Newton's first and second laws of motion do not hold in non-inertial reference frames. Specifically, masses in non-inertial reference frames appear to feel fictitious forces (such as the Coriolis force or the centrifugal force) that derive from the acceleration of the reference frame itself. Fictitious forces cause apparent accelerations in objects without any physical force causing the acceleration. Fictitious forces are proportional to the mass upon which they act; if such forces are observed, scientists will recognize that they are in a non-inertial reference frame. For example, the rotation of the Earth can be observed from the Coriolis force acting on a Foucault pendulum.'

I'm pretty sure by that by not using the centre of mass frame, you are in fact using a non inertial frame of reference. Incidentally, an elevator is a non-inertial frame of reference too, you feel imaginary forces as it comes to rest / starts moving because it is accelerating.

 

[Tomaz Kristan]

I'm pretty sure by that by not using the centre of mass frame, you are in fact using a non inertial frame of reference. Incidentally, an elevator is a non-inertial frame of reference too, you feel imaginary forces as it comes to rest / starts moving because it is accelerating.

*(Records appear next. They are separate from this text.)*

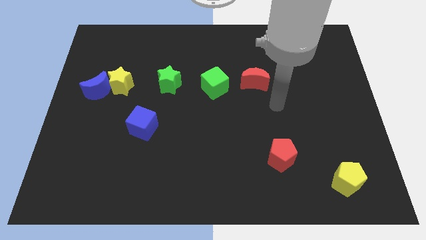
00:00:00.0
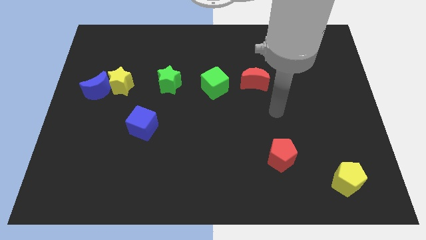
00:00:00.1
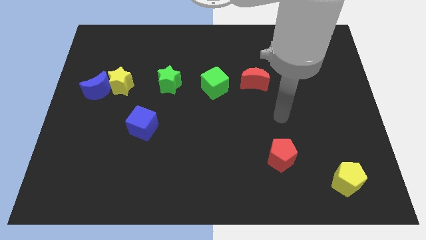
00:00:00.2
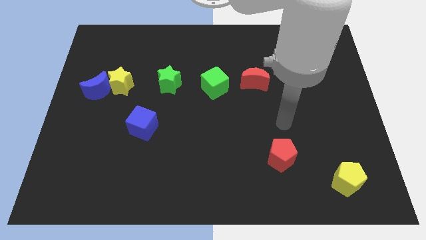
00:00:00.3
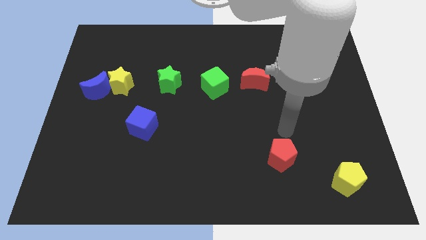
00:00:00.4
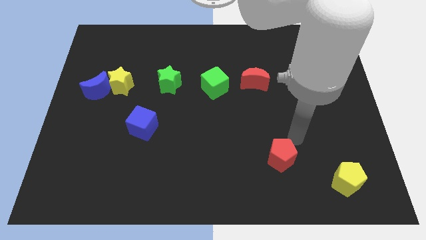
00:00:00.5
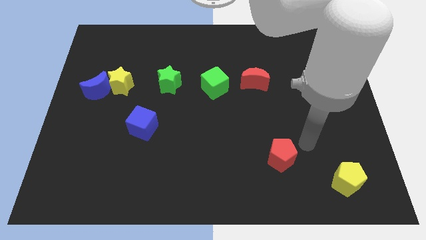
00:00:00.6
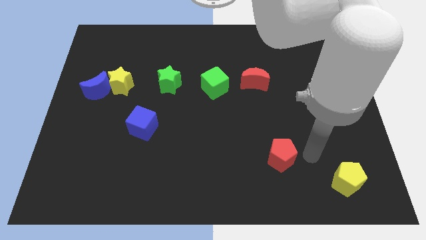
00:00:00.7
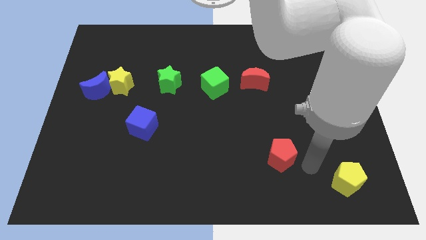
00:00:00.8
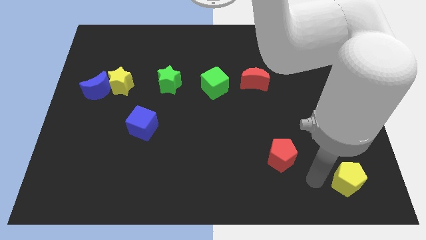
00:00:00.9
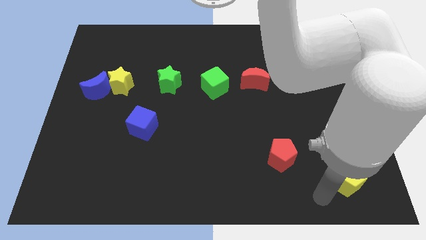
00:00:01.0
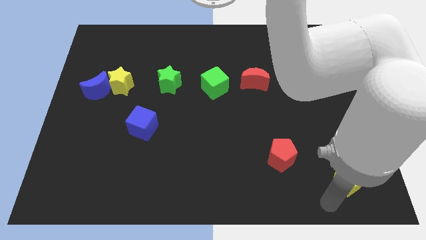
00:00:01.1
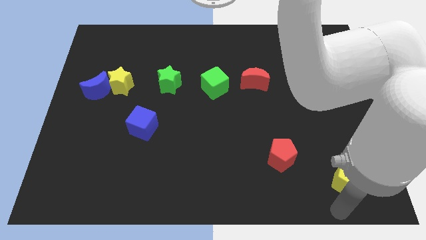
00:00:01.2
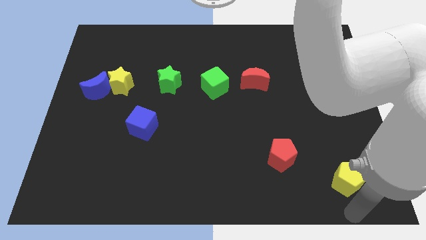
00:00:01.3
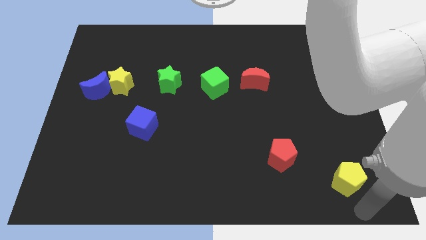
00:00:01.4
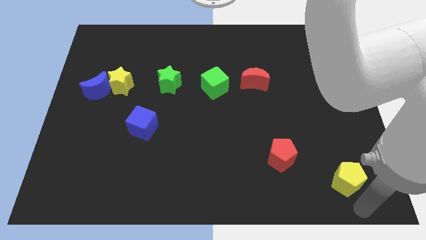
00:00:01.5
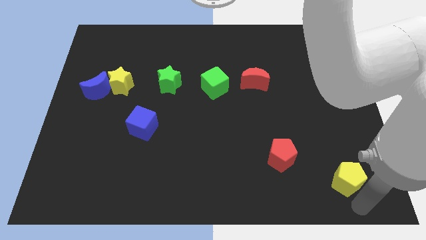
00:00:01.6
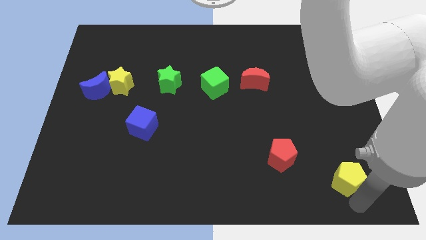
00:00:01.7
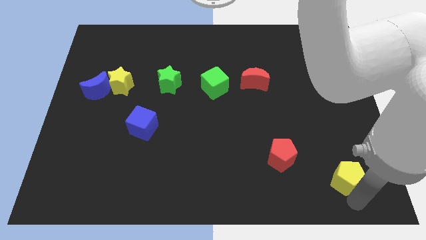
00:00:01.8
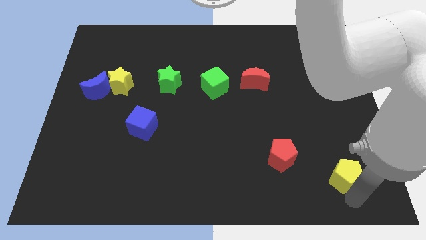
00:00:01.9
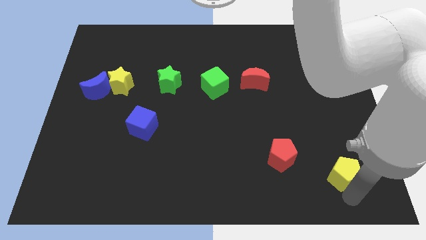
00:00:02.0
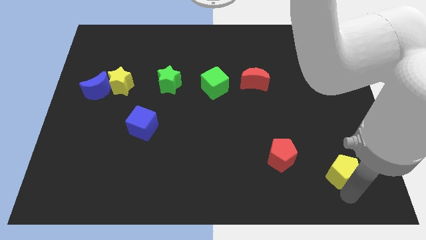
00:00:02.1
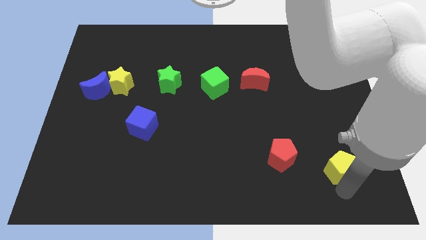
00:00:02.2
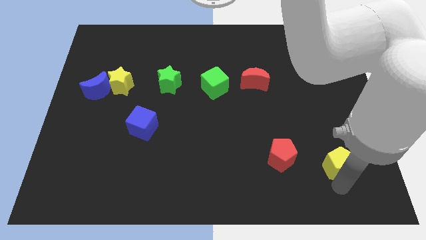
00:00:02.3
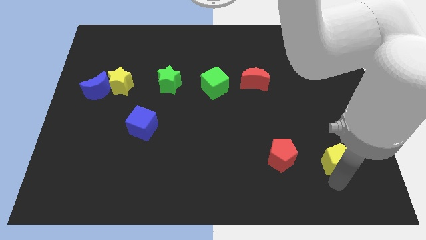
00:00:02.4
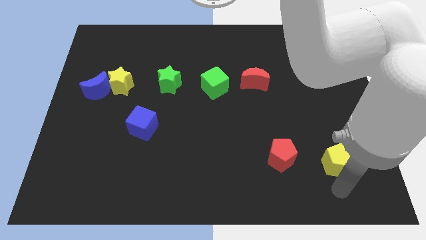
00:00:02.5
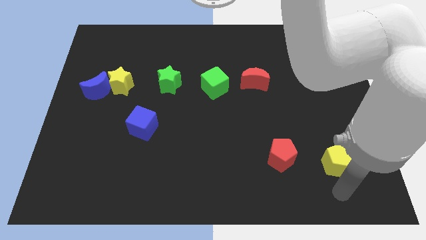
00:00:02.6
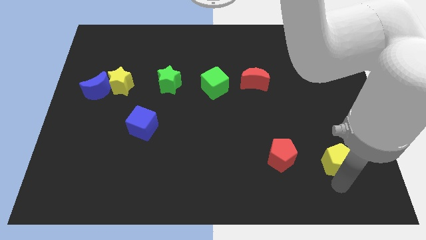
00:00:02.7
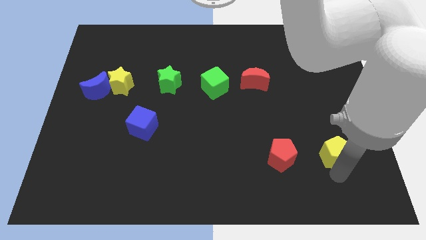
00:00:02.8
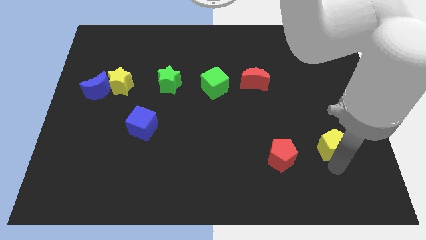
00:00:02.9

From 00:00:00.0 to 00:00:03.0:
slightly slide the yellow pentagon up

As I've already said. I am sitting at X=10, Y=10, Z=10, watching down the show.

 

[greedangerfoolishego]

As I've already said. I am sitting at X=10, Y=10, Z=10, watching down the show.

I don't understand.
What does that mean?
You need to be in a frame of reference that's moving along with the centre of mass so that it appears to remain still.
If it moves it means that you are in a non inertial frame of reference, where it is known that Newton's Laws don't hold.
Sitting at (10,10,10) just means your at a point in the same frame of reference, does it not?

 

[Gelsamel Epsilon]

Where is the center of gravity?

Infinitely to the left?

 

[Tomaz Kristan]

Where is the center of gravity?

Infinitely to the left?

The center of gravity is not far away from the Jupiters's center of gravity. A little left.

 

[Gelsamel Epsilon]

If the masses of the ball keep getting bigger and bigger every millimeter and the balls go on forever wouldn't that mean that the center of gravity lies infinitely to the left?

 

[Tomaz Kristan]

Sum of all (mass*distance)/(Sum of all masses)

There is the gravity enter. Somewhere left of the Jupiter's center.

 

[Gelsamel Epsilon]

And the masses approach infinity...

 

[Tomaz Kristan]

And the masses approach infinity...

No, do they not. They approach 0, if you go left. Forces approach infinity, bat that does not matter for the gravity center.

 

[Gelsamel Epsilon]

What if I go right? Don't they get infinitely big?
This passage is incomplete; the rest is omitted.